EXERCISE DETAILS:
Copy out, from the entries below, each line holding the string "style".
[INPUT MATERIAL — start]
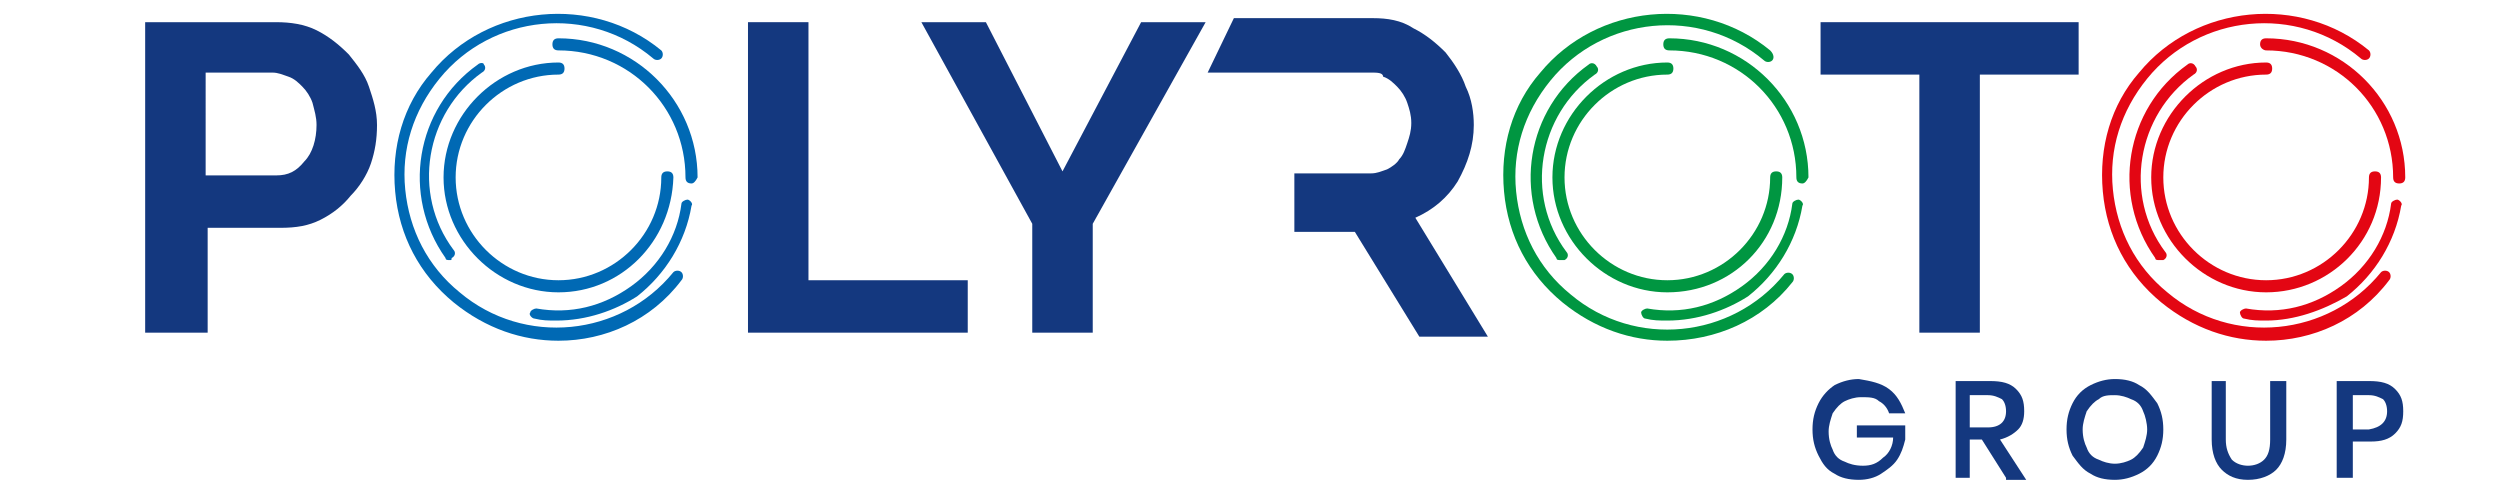 <?xml version="1.0" encoding="utf-8"?>
<!-- Generator: Adobe Illustrator 25.0.0, SVG Export Plug-In . SVG Version: 6.00 Build 0)  -->
<svg version="1.1" id="Calque_1" xmlns="http://www.w3.org/2000/svg" xmlns:xlink="http://www.w3.org/1999/xlink" x="0px" y="0px"
	 viewBox="0 0 124 24" style="enable-background:new 0 0 124 24;" xml:space="preserve">
<style type="text/css">
	.st0{fill:#14387F;}
	.st1{fill:#0069B4;}
	.st2{fill:#009641;}
	.st3{fill:#E30613;}
</style>
<path class="st0" d="M10.2,8.7h3.5c0.6,0,1-0.2,1.4-0.7c0.4-0.4,0.6-1.1,0.6-1.8c0-0.4-0.1-0.7-0.2-1.1c-0.1-0.3-0.3-0.6-0.5-0.8
	c-0.2-0.2-0.4-0.4-0.7-0.5c-0.3-0.1-0.5-0.2-0.8-0.2h-3.3V8.7z M7.2,16.5V1.1h6.5c0.7,0,1.4,0.1,2,0.4c0.6,0.3,1.1,0.7,1.6,1.2
	c0.4,0.5,0.8,1,1,1.6c0.2,0.6,0.4,1.2,0.4,1.9c0,0.7-0.1,1.3-0.3,1.9c-0.2,0.6-0.6,1.2-1,1.6c-0.4,0.5-0.9,0.9-1.5,1.2
	c-0.6,0.3-1.2,0.4-2,0.4h-3.6v5.2H7.2z"/>
<polygon class="st0" points="37.1,16.5 37.1,1.1 40.1,1.1 40.1,13.9 48,13.9 48,16.5 "/>
<polygon class="st0" points="48.9,1.1 52.7,8.5 56.6,1.1 59.8,1.1 54.2,11.1 54.2,16.5 51.2,16.5 51.2,11.1 45.7,1.1 "/>
<polygon class="st0" points="103.1,3.7 98.2,3.7 98.2,16.5 95.2,16.5 95.2,3.7 90.3,3.7 90.3,1.1 103.1,1.1 "/>
<path class="st0" d="M93.7,19.3c0.4,0.3,0.6,0.7,0.8,1.2h-0.8c-0.1-0.3-0.3-0.5-0.5-0.6c-0.2-0.2-0.5-0.2-0.9-0.2
	c-0.3,0-0.6,0.1-0.8,0.2c-0.2,0.1-0.4,0.3-0.6,0.6c-0.1,0.3-0.2,0.6-0.2,0.9c0,0.4,0.1,0.7,0.2,0.9c0.1,0.3,0.3,0.5,0.6,0.6
	c0.2,0.1,0.5,0.2,0.9,0.2c0.4,0,0.7-0.1,1-0.4c0.3-0.2,0.5-0.6,0.5-1h-1.8v-0.6h2.4v0.7c-0.1,0.4-0.2,0.7-0.4,1
	c-0.2,0.3-0.5,0.5-0.8,0.7c-0.3,0.2-0.7,0.3-1.1,0.3c-0.5,0-0.9-0.1-1.2-0.3c-0.4-0.2-0.6-0.5-0.8-0.9c-0.2-0.4-0.3-0.8-0.3-1.3
	c0-0.5,0.1-0.9,0.3-1.3c0.2-0.4,0.5-0.7,0.8-0.9c0.4-0.2,0.8-0.3,1.2-0.3C92.8,18.9,93.3,19,93.7,19.3"/>
<path class="st0" d="M97.7,21.2h0.9c0.6,0,0.9-0.3,0.9-0.8c0-0.3-0.1-0.5-0.2-0.6c-0.2-0.1-0.4-0.2-0.7-0.2h-0.9V21.2z M99.5,23.7
	l-1.2-1.9h-0.6v1.9H97v-4.8h1.7c0.6,0,1,0.1,1.3,0.4c0.3,0.3,0.4,0.6,0.4,1.1c0,0.4-0.1,0.7-0.3,0.9c-0.2,0.2-0.5,0.4-0.9,0.5l1.3,2
	H99.5z"/>
<path class="st0" d="M104.1,19.8c-0.2,0.1-0.4,0.3-0.6,0.6c-0.1,0.3-0.2,0.6-0.2,0.9c0,0.4,0.1,0.7,0.2,0.9c0.1,0.3,0.3,0.5,0.6,0.6
	c0.2,0.1,0.5,0.2,0.8,0.2c0.3,0,0.6-0.1,0.8-0.2c0.2-0.1,0.4-0.3,0.6-0.6c0.1-0.3,0.2-0.6,0.2-0.9c0-0.3-0.1-0.7-0.2-0.9
	c-0.1-0.3-0.3-0.5-0.6-0.6c-0.2-0.1-0.5-0.2-0.8-0.2C104.6,19.6,104.3,19.6,104.1,19.8 M106.1,19.1c0.4,0.2,0.6,0.5,0.9,0.9
	c0.2,0.4,0.3,0.8,0.3,1.3c0,0.5-0.1,0.9-0.3,1.3c-0.2,0.4-0.5,0.7-0.9,0.9c-0.4,0.2-0.8,0.3-1.2,0.3c-0.5,0-0.9-0.1-1.2-0.3
	c-0.4-0.2-0.6-0.5-0.9-0.9c-0.2-0.4-0.3-0.8-0.3-1.3c0-0.5,0.1-0.9,0.3-1.3c0.2-0.4,0.5-0.7,0.9-0.9c0.4-0.2,0.8-0.3,1.2-0.3
	C105.4,18.8,105.8,18.9,106.1,19.1"/>
<path class="st0" d="M110.4,18.9v2.9c0,0.4,0.1,0.7,0.3,1c0.2,0.2,0.5,0.3,0.8,0.3c0.3,0,0.6-0.1,0.8-0.3c0.2-0.2,0.3-0.5,0.3-1
	v-2.9h0.8v2.9c0,0.7-0.2,1.2-0.5,1.5c-0.3,0.3-0.8,0.5-1.4,0.5c-0.6,0-1-0.2-1.3-0.5c-0.3-0.3-0.5-0.8-0.5-1.5v-2.9H110.4z"/>
<path class="st0" d="M118.4,20.4c0-0.3-0.1-0.5-0.2-0.6c-0.2-0.1-0.4-0.2-0.7-0.2h-0.8v1.7h0.8C118.1,21.2,118.4,20.9,118.4,20.4
	 M116.7,21.8v1.9h-0.8v-4.8h1.6c0.6,0,1,0.1,1.3,0.4c0.3,0.3,0.4,0.6,0.4,1.1c0,0.5-0.1,0.8-0.4,1.1c-0.3,0.3-0.7,0.4-1.2,0.4H116.7
	z"/>
<path class="st0" d="M68,3.6l-8.1,0l1.3-2.7h6.9c0.7,0,1.4,0.1,2,0.5c0.6,0.3,1.1,0.7,1.6,1.2c0.4,0.5,0.8,1.1,1,1.7
	c0.3,0.6,0.4,1.3,0.4,1.9c0,1-0.3,1.9-0.8,2.8c-0.5,0.8-1.2,1.4-2.1,1.8l3.6,5.9h-3.4l-3.2-5.2h-3V8.6h3.8c0.3,0,0.5-0.1,0.8-0.2
	c0.2-0.1,0.5-0.3,0.6-0.5c0.2-0.2,0.3-0.5,0.4-0.8c0.1-0.3,0.2-0.6,0.2-1c0-0.4-0.1-0.7-0.2-1c-0.1-0.3-0.3-0.6-0.5-0.8
	c-0.2-0.2-0.4-0.4-0.7-0.5C68.6,3.6,68.3,3.6,68,3.6"/>
<path class="st1" d="M27.7,14.5c-3.1,0-5.7-2.6-5.7-5.7c0-3.1,2.6-5.7,5.7-5.7c0.2,0,0.3,0.1,0.3,0.3c0,0.2-0.1,0.3-0.3,0.3
	c-2.8,0-5.1,2.3-5.1,5.1c0,2.8,2.3,5.1,5.1,5.1c2.8,0,5.1-2.3,5.1-5.1c0-0.2,0.1-0.3,0.3-0.3c0.2,0,0.3,0.1,0.3,0.3
	C33.3,12,30.8,14.5,27.7,14.5"/>
<path class="st1" d="M27.7,16.9c-1.8,0-3.6-0.6-5.2-1.9c-1.7-1.4-2.7-3.3-2.9-5.5c-0.2-2.2,0.4-4.3,1.8-5.9c2.8-3.4,8-3.9,11.4-1.1
	c0.1,0.1,0.1,0.3,0,0.4c-0.1,0.1-0.3,0.1-0.4,0c-3.2-2.7-8-2.2-10.6,1c-1.3,1.6-1.9,3.5-1.7,5.5c0.2,2,1.1,3.8,2.7,5.1
	c3.2,2.7,8,2.2,10.6-1c0.1-0.1,0.3-0.1,0.4,0c0.1,0.1,0.1,0.3,0,0.4C32.3,15.9,30,16.9,27.7,16.9"/>
<path class="st1" d="M34.3,9.1C34.1,9.1,34,9,34,8.8c0-3.5-2.8-6.3-6.3-6.3c-0.2,0-0.3-0.1-0.3-0.3c0-0.2,0.1-0.3,0.3-0.3
	c3.8,0,6.9,3.1,6.9,6.9C34.5,9,34.4,9.1,34.3,9.1"/>
<path class="st1" d="M22.3,12.9c-0.1,0-0.2,0-0.2-0.1c-2.2-3.1-1.5-7.4,1.6-9.6C23.8,3.1,24,3.1,24,3.2c0.1,0.1,0.1,0.3-0.1,0.4
	c-2.8,2-3.5,6-1.4,8.8c0.1,0.1,0.1,0.3-0.1,0.4C22.4,12.9,22.4,12.9,22.3,12.9"/>
<path class="st1" d="M27.6,15.9c-0.4,0-0.7,0-1.1-0.1c-0.1,0-0.3-0.2-0.2-0.3c0-0.1,0.2-0.2,0.3-0.2c1.7,0.3,3.3-0.1,4.7-1.1
	c1.4-1,2.3-2.5,2.5-4.1c0-0.1,0.2-0.2,0.3-0.2c0.1,0,0.3,0.2,0.2,0.3c-0.3,1.8-1.3,3.4-2.7,4.5C30.5,15.4,29.1,15.9,27.6,15.9"/>
<path class="st2" d="M82.7,14.5c-3.1,0-5.7-2.6-5.7-5.7c0-3.1,2.6-5.7,5.7-5.7c0.2,0,0.3,0.1,0.3,0.3c0,0.2-0.1,0.3-0.3,0.3
	c-2.8,0-5.1,2.3-5.1,5.1c0,2.8,2.3,5.1,5.1,5.1c2.8,0,5.1-2.3,5.1-5.1c0-0.2,0.1-0.3,0.3-0.3c0.2,0,0.3,0.1,0.3,0.3
	C88.4,12,85.9,14.5,82.7,14.5"/>
<path class="st2" d="M82.7,16.9c-1.8,0-3.6-0.6-5.2-1.9c-1.7-1.4-2.7-3.3-2.9-5.5c-0.2-2.2,0.4-4.3,1.8-5.9c2.8-3.4,8-3.9,11.4-1.1
	C88,2.7,88,2.9,87.9,3c-0.1,0.1-0.3,0.1-0.4,0c-3.2-2.7-8-2.2-10.6,1c-1.3,1.6-1.9,3.5-1.7,5.5c0.2,2,1.1,3.8,2.7,5.1
	c3.2,2.7,8,2.2,10.6-1c0.1-0.1,0.3-0.1,0.4,0c0.1,0.1,0.1,0.3,0,0.4C87.4,15.9,85.1,16.9,82.7,16.9"/>
<path class="st2" d="M89.4,9.1c-0.2,0-0.3-0.1-0.3-0.3c0-3.5-2.8-6.3-6.3-6.3c-0.2,0-0.3-0.1-0.3-0.3c0-0.2,0.1-0.3,0.3-0.3
	c3.8,0,6.9,3.1,6.9,6.9C89.6,9,89.5,9.1,89.4,9.1"/>
<path class="st2" d="M77.4,12.9c-0.1,0-0.2,0-0.2-0.1c-2.2-3.1-1.5-7.4,1.6-9.6c0.1-0.1,0.3-0.1,0.4,0.1c0.1,0.1,0.1,0.3-0.1,0.4
	c-2.8,2-3.5,6-1.4,8.8c0.1,0.1,0.1,0.3-0.1,0.4C77.5,12.9,77.5,12.9,77.4,12.9"/>
<path class="st2" d="M82.7,15.9c-0.4,0-0.7,0-1.1-0.1c-0.1,0-0.2-0.2-0.2-0.3c0-0.1,0.2-0.2,0.3-0.2c1.7,0.3,3.3-0.1,4.7-1.1
	c1.4-1,2.3-2.5,2.5-4.1c0-0.1,0.2-0.2,0.3-0.2c0.1,0,0.3,0.2,0.2,0.3c-0.3,1.8-1.3,3.4-2.7,4.5C85.6,15.4,84.2,15.9,82.7,15.9"/>
<path class="st3" d="M112.4,14.5c-3.1,0-5.7-2.6-5.7-5.7c0-3.1,2.6-5.7,5.7-5.7c0.2,0,0.3,0.1,0.3,0.3c0,0.2-0.1,0.3-0.3,0.3
	c-2.8,0-5.1,2.3-5.1,5.1c0,2.8,2.3,5.1,5.1,5.1c2.8,0,5.1-2.3,5.1-5.1c0-0.2,0.1-0.3,0.3-0.3c0.2,0,0.3,0.1,0.3,0.3
	C118.1,12,115.5,14.5,112.4,14.5"/>
<path class="st3" d="M112.4,16.9c-1.8,0-3.6-0.6-5.2-1.9c-1.7-1.4-2.7-3.3-2.9-5.5c-0.2-2.2,0.4-4.3,1.8-5.9c2.8-3.4,8-3.9,11.4-1.1
	c0.1,0.1,0.1,0.3,0,0.4c-0.1,0.1-0.3,0.1-0.4,0c-3.2-2.7-8-2.2-10.6,1c-1.3,1.6-1.9,3.5-1.7,5.5c0.2,2,1.1,3.8,2.7,5.1
	c3.2,2.7,8,2.2,10.6-1c0.1-0.1,0.3-0.1,0.4,0c0.1,0.1,0.1,0.3,0,0.4C117,15.9,114.7,16.9,112.4,16.9"/>
<path class="st3" d="M119,9.1c-0.2,0-0.3-0.1-0.3-0.3c0-3.5-2.8-6.3-6.3-6.3c-0.1,0-0.3-0.1-0.3-0.3c0-0.2,0.1-0.3,0.3-0.3
	c3.8,0,6.9,3.1,6.9,6.9C119.3,9,119.2,9.1,119,9.1"/>
<path class="st3" d="M107.1,12.9c-0.1,0-0.2,0-0.2-0.1c-2.2-3.1-1.5-7.4,1.6-9.6c0.1-0.1,0.3-0.1,0.4,0.1c0.1,0.1,0.1,0.3-0.1,0.4
	c-2.8,2-3.5,6-1.4,8.8c0.1,0.1,0.1,0.3-0.1,0.4C107.2,12.9,107.1,12.9,107.1,12.9"/>
<path class="st3" d="M112.4,15.9c-0.4,0-0.7,0-1.1-0.1c-0.1,0-0.2-0.2-0.2-0.3c0-0.1,0.2-0.2,0.3-0.2c1.7,0.3,3.3-0.1,4.7-1.1
	c1.4-1,2.3-2.5,2.5-4.1c0-0.1,0.2-0.2,0.3-0.2c0.1,0,0.3,0.2,0.2,0.3c-0.3,1.8-1.3,3.4-2.7,4.5C115.2,15.4,113.8,15.9,112.4,15.9"/>
</svg>
[INPUT MATERIAL — finish]
ANSWER SECTION:
	 viewBox="0 0 124 24" style="enable-background:new 0 0 124 24;" xml:space="preserve">
<style type="text/css">
</style>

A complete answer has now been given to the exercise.